What is the ‘light compensation point’ for photosynthesis
Point where the light intensity allows for a rate of photosynthesis that produces CO(2) at the same rate it is used up by respiration
(Rate of photosynthesis = Rate of respiration)
How do you set up a Photosynthometer to measure the rate of photosynthesis in an aquatic plant
- Place the plant shoot in a large beaker of pond water, and remove any bubbles on the leaf surface by gently running your finger and thumb over them
- Fill the capillary tubing of the Photosynthometer with water.
- Place the funnel end of the tubing into the beaker of water and position the shoot so the cut end is in the funnel
- The beaker is placed in a water bath to maintain a constant temperature.
- Leave the set up in the dark for 2 hours, to stop all photosynthesis
- The set up is now ready for the investigation
How would you measure the rate of photosynthesis in an aquatic plant using a Photosynthometer
Measure the rate of O(2) production:
- After the photosynthometer has been left in the dark for 2 hours, a light is switched on for 30 mins
- In this time, O(2) will be released as photosynthesis occurs, and will be collected in the capillary tube
- After 30 mins, the O(2) is drawn up the tube using the syringe on the other end, until the volume can be measured on the scale
- The rate of photosynthesis = rate of O(2) production
- The syringe can be used to empty the collected O(2), so the experiment can be repeated for different light intensities/wavelengths to compare the rate
(allow for 2hrs in darkness between each repeat)
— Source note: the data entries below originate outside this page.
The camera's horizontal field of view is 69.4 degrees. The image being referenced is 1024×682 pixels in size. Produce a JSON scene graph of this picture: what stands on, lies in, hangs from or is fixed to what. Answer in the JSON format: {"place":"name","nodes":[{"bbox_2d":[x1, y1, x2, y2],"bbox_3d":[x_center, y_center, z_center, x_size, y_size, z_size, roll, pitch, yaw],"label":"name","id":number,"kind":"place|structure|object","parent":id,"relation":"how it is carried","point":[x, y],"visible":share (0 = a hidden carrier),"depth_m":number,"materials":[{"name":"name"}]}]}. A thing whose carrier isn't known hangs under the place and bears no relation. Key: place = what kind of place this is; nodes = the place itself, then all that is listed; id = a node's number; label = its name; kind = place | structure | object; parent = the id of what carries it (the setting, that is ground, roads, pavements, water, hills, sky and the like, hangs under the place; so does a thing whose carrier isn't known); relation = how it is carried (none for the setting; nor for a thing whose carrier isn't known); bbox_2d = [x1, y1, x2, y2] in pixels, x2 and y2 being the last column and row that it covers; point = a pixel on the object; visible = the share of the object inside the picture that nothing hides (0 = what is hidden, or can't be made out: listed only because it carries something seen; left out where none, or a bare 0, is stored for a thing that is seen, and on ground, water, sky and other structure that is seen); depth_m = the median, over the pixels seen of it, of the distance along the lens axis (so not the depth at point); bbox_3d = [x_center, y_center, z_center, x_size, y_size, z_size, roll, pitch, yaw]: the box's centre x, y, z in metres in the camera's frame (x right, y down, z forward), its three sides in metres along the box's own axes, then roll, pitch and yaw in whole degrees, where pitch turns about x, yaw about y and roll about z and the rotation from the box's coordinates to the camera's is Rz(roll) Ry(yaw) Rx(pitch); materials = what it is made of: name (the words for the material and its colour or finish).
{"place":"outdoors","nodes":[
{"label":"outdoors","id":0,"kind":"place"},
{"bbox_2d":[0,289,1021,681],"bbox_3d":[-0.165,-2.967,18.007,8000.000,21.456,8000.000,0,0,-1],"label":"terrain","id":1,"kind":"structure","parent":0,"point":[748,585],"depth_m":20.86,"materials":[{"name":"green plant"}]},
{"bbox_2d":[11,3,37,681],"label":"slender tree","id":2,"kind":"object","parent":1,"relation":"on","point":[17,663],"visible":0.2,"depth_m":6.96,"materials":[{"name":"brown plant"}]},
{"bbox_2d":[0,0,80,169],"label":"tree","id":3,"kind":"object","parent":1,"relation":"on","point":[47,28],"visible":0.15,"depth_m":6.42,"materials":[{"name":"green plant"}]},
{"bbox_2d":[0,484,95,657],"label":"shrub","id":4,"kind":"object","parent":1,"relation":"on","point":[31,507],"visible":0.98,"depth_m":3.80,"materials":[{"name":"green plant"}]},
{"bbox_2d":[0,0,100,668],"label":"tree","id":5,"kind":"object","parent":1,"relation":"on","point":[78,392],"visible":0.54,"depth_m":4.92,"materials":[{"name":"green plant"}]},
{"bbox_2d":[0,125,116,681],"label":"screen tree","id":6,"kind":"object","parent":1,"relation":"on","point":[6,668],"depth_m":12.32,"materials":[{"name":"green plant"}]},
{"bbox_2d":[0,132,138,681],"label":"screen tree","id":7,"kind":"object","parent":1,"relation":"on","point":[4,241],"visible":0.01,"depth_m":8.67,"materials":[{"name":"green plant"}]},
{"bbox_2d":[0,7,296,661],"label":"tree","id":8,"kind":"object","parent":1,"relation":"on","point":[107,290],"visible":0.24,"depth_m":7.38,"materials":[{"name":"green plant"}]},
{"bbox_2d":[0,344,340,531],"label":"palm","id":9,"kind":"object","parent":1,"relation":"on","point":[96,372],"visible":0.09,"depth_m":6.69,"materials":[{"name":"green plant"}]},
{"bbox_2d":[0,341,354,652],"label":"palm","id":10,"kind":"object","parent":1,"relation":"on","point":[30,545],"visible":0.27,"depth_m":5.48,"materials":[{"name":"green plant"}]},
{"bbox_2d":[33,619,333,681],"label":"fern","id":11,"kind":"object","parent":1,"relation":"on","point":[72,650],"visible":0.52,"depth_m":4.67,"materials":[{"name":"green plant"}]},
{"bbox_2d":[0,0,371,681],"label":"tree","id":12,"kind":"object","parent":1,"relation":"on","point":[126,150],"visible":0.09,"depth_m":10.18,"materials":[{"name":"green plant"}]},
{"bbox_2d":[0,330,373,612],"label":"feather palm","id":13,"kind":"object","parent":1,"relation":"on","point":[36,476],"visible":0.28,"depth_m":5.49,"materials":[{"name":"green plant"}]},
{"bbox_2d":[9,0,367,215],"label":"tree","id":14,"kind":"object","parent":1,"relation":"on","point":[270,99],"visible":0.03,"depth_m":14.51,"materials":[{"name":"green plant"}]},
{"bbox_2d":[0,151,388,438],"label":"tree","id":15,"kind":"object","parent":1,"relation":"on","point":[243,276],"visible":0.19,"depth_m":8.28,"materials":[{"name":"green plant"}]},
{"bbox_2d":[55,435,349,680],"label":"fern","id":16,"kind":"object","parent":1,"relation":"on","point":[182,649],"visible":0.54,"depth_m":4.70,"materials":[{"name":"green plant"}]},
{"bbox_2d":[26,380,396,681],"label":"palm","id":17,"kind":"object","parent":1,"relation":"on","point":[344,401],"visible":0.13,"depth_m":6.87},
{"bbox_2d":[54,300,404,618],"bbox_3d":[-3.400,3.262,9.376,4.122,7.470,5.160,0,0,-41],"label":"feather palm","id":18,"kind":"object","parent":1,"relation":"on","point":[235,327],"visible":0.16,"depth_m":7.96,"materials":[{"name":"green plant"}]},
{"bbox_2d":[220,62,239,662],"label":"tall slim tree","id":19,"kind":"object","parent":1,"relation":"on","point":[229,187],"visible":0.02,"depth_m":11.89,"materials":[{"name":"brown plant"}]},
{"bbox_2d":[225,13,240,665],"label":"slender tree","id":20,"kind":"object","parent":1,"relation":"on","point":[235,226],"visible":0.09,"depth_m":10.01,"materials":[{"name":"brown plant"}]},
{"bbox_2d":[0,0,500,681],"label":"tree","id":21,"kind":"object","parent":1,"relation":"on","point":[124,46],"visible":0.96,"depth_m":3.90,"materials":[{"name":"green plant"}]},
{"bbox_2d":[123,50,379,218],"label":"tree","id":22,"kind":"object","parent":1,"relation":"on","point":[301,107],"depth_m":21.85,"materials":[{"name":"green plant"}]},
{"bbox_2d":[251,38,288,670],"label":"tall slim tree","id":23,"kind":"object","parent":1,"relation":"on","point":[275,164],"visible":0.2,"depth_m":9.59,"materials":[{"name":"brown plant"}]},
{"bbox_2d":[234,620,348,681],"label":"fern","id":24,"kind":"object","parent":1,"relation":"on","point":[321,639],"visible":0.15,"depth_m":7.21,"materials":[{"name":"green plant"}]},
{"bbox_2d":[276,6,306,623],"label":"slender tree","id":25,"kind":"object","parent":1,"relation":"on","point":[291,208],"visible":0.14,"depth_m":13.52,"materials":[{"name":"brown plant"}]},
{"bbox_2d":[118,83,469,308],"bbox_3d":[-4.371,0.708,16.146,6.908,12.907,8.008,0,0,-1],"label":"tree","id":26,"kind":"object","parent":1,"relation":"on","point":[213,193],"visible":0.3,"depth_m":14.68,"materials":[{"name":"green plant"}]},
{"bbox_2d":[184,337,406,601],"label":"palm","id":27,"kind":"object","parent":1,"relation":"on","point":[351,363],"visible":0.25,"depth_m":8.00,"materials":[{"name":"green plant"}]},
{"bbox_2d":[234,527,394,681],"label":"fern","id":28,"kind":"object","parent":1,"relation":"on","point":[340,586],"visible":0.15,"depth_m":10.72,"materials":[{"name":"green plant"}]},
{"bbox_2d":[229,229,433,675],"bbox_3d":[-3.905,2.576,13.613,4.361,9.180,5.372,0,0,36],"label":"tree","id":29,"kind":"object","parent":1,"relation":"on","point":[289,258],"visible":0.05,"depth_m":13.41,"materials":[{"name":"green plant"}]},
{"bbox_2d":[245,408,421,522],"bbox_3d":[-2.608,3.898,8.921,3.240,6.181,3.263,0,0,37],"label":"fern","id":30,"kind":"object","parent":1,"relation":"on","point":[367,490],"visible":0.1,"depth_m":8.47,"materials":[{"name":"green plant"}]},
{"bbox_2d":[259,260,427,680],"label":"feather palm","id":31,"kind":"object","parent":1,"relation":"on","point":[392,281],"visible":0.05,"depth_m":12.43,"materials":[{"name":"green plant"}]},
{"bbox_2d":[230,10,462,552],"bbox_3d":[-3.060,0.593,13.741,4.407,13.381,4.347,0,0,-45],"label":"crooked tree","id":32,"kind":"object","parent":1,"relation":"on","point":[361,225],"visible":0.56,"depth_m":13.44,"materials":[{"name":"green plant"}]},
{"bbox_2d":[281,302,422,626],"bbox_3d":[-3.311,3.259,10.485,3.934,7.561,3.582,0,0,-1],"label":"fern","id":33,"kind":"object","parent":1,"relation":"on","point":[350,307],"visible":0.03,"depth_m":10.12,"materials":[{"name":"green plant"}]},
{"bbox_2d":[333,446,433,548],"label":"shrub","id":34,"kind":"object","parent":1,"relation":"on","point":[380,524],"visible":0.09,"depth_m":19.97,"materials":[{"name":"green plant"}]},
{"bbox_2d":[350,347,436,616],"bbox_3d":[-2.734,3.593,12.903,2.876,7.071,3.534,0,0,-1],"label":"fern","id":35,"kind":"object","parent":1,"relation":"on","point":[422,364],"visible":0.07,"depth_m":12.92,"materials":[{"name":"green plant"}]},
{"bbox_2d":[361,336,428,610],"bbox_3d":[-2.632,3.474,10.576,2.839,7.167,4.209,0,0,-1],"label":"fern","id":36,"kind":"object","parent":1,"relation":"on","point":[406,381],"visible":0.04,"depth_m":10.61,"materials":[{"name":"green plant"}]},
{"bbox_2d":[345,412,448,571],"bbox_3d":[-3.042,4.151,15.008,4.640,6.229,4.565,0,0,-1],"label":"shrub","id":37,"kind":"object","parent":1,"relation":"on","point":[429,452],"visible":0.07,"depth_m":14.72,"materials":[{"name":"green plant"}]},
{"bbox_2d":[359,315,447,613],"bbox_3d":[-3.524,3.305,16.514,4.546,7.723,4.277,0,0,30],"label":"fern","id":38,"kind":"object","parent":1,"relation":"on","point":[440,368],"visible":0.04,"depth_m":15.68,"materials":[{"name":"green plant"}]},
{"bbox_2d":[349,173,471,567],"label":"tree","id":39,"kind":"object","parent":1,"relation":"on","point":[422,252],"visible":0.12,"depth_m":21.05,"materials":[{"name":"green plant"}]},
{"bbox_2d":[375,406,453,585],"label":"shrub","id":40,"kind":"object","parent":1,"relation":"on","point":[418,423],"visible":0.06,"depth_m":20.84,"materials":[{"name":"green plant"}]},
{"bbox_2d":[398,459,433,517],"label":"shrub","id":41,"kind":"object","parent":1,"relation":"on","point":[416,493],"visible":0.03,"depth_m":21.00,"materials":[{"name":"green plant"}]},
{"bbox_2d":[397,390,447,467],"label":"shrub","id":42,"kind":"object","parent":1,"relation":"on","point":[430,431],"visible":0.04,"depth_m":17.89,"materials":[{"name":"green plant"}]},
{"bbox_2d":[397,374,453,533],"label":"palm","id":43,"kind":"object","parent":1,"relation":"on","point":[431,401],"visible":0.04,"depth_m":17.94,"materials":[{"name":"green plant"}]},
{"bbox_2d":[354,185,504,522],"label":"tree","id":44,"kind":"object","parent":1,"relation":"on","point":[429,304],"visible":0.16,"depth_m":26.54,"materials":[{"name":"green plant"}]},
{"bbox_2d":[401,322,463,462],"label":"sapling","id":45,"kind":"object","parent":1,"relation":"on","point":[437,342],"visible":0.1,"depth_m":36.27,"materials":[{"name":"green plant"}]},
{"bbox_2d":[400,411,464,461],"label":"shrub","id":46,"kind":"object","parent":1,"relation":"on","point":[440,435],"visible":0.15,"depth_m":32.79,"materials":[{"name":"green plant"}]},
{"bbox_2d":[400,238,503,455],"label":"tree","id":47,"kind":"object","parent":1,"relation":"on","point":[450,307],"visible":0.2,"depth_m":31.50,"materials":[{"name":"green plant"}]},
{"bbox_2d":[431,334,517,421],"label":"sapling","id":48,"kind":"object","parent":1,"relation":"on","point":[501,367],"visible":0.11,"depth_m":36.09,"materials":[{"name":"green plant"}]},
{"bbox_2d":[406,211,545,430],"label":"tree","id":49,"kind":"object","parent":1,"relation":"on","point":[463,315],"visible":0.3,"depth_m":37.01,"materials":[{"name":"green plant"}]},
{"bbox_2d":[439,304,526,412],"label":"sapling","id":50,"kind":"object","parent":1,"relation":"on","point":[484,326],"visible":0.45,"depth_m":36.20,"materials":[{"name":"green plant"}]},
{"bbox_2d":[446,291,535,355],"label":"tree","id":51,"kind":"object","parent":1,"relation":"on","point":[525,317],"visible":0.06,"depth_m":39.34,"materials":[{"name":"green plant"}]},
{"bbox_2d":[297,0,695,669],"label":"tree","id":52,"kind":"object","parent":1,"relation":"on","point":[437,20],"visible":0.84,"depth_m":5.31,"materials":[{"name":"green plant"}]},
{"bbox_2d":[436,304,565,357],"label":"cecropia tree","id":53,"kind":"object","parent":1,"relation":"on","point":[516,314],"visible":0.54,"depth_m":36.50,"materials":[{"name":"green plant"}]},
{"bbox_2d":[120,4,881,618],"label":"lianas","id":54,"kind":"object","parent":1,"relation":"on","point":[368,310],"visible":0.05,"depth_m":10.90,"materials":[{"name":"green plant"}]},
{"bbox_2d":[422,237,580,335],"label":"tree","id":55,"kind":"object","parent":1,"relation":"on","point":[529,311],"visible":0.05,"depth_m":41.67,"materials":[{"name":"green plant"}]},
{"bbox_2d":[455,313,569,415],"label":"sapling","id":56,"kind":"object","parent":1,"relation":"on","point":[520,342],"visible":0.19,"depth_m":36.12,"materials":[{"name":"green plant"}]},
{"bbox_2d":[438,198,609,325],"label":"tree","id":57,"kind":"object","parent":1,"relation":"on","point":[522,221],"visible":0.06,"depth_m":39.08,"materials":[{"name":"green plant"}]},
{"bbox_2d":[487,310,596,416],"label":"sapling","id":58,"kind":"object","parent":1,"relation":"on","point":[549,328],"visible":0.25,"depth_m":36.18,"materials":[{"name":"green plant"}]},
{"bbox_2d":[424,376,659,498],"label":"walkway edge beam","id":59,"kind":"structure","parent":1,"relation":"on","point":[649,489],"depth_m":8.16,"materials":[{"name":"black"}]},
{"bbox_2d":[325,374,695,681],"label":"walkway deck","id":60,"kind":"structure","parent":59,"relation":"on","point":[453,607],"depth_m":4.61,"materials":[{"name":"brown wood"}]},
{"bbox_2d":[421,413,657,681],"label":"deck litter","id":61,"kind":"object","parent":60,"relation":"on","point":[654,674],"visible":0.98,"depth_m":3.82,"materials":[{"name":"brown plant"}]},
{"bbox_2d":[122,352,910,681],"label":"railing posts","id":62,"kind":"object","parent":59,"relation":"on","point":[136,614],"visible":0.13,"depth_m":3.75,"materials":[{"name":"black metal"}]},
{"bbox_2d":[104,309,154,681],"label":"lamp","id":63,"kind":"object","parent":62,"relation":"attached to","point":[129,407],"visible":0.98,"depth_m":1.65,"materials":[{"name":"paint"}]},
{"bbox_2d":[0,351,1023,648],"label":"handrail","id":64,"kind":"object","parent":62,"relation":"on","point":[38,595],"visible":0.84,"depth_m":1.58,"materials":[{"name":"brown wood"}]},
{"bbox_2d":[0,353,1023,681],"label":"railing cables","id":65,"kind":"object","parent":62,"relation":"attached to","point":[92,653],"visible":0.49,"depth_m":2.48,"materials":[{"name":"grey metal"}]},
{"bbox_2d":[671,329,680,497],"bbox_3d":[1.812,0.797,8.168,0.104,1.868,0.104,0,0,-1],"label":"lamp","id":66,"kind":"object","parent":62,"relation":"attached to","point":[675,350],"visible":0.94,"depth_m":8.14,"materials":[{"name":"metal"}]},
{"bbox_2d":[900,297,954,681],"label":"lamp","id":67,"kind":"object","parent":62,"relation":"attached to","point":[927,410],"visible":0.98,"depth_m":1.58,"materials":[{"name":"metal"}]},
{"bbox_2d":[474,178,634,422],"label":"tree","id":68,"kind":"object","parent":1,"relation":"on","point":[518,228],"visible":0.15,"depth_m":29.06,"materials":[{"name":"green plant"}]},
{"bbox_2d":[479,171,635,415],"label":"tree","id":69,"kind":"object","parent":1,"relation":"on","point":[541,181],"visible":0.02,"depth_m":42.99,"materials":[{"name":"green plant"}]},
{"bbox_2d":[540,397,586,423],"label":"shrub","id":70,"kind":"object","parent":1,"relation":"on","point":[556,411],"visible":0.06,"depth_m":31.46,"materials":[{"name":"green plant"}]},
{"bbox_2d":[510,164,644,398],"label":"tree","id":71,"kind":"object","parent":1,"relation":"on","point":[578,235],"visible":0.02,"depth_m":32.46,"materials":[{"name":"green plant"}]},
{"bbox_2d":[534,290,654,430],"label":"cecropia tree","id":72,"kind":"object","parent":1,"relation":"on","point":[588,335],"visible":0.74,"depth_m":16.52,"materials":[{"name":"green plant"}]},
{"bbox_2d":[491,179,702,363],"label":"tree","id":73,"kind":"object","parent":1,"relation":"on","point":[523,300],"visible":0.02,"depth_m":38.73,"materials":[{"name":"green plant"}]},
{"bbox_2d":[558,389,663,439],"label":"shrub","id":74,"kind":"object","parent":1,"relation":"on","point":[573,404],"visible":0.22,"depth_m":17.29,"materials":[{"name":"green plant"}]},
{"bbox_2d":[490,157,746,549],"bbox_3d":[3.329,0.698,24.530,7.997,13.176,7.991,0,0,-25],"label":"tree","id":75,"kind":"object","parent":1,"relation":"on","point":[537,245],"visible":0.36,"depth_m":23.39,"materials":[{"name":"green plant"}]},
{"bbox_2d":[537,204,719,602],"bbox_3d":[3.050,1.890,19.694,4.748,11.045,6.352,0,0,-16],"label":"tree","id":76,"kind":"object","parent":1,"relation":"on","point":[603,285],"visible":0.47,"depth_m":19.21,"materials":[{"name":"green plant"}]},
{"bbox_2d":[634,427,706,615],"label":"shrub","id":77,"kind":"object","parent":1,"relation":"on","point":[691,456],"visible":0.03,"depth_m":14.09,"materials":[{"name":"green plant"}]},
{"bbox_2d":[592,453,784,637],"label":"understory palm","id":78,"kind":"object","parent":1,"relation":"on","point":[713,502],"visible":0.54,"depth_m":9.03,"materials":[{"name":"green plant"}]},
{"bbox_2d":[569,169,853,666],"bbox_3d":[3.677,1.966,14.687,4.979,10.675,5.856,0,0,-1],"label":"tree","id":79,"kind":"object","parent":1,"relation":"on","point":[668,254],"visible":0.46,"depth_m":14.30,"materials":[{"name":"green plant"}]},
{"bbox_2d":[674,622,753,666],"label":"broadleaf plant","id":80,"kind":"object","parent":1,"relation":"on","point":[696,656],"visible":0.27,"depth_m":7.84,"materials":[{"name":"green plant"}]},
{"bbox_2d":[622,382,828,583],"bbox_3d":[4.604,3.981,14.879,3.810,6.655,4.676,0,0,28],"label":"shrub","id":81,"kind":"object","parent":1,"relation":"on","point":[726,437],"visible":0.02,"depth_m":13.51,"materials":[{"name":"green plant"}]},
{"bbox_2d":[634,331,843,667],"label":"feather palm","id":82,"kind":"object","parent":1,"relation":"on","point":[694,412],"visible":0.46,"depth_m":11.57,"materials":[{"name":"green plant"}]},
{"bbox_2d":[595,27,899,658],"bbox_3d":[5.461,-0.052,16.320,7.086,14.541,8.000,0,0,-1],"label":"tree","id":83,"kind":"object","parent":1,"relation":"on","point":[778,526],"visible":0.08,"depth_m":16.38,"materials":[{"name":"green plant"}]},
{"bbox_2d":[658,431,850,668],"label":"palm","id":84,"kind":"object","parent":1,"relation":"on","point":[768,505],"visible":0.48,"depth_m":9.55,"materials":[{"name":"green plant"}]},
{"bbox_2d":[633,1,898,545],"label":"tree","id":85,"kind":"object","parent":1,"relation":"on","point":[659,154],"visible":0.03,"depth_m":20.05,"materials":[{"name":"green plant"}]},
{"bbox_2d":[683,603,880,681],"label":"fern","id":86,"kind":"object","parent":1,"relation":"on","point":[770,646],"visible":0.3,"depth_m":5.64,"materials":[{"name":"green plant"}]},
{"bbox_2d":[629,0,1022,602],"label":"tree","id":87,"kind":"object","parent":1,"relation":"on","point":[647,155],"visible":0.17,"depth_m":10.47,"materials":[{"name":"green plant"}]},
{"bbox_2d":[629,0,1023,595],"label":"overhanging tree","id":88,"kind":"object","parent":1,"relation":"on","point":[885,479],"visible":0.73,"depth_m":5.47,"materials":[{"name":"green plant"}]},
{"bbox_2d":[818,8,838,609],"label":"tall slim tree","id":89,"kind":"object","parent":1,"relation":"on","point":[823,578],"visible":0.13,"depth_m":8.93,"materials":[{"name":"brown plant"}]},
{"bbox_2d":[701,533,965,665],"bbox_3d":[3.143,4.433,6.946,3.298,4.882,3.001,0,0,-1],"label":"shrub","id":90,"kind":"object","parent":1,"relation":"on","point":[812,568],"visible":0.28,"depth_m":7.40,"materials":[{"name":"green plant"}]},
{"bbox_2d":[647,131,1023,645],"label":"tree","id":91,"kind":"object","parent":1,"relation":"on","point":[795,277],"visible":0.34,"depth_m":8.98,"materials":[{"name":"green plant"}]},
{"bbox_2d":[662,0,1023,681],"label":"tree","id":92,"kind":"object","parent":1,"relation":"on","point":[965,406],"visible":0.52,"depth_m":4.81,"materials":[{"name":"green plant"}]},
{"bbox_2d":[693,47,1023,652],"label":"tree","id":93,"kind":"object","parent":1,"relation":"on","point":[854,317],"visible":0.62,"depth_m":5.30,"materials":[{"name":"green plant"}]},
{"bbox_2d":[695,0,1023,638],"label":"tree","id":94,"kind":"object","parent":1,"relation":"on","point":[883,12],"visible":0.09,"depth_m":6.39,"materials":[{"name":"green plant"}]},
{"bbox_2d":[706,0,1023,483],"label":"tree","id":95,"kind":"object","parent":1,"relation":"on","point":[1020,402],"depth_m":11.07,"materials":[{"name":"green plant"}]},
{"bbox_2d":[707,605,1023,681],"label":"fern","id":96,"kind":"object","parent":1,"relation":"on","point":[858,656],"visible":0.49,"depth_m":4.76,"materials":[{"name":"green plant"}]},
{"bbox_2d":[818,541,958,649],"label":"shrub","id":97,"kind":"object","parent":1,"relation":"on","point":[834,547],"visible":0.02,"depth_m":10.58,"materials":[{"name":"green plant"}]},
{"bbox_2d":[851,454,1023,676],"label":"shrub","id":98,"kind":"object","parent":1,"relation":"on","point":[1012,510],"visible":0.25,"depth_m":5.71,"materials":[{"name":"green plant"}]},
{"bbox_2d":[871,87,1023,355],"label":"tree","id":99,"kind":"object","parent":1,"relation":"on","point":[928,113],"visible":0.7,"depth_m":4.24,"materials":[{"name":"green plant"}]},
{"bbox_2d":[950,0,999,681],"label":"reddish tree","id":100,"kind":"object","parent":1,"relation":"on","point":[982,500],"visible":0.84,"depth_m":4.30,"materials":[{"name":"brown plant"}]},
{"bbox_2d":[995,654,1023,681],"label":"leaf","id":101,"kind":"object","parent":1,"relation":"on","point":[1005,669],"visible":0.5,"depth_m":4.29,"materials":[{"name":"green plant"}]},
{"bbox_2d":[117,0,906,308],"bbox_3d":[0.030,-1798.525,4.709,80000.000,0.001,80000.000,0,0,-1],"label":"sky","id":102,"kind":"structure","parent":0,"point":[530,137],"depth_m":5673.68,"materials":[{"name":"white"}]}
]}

What is the set up for the ‘Lollipop experiment’ used to determine the process of the LIR of photosynthesis
Large ‘lollipop’ vessel containing algae in nutrient medium
- Valve at the top, so the algae can be added
- Tube near the base to allow air/CO(2) in
- Tube near the top to allow air/O(2) out
- Syringe on the side for injecting radioactive C-14
- Valve at the base, above a beaker of hot methanol, to kill the algae
How does the ‘Lollipop experiment’ determine the process of the LIR of photosynthesis
- Radioactive C-14 is added to the algae in the vessel
- Light is shone on the vessel to induce photosynthesis
- After different time periods (eg. repeats, at 5s intervals), the algae is killed by passing it into the heated methanol, to stop the metabolism (photosynthesis)
- Dead algae samples are analysed with 2D chromatography, separating out the different carbon compounds
- Radioactive compounds on the chromatogram are identified using autoradiography (x-ray film exposure)
- By comparing the compounds present after different periods of light exposure, the order in which the compounds are produced was determined.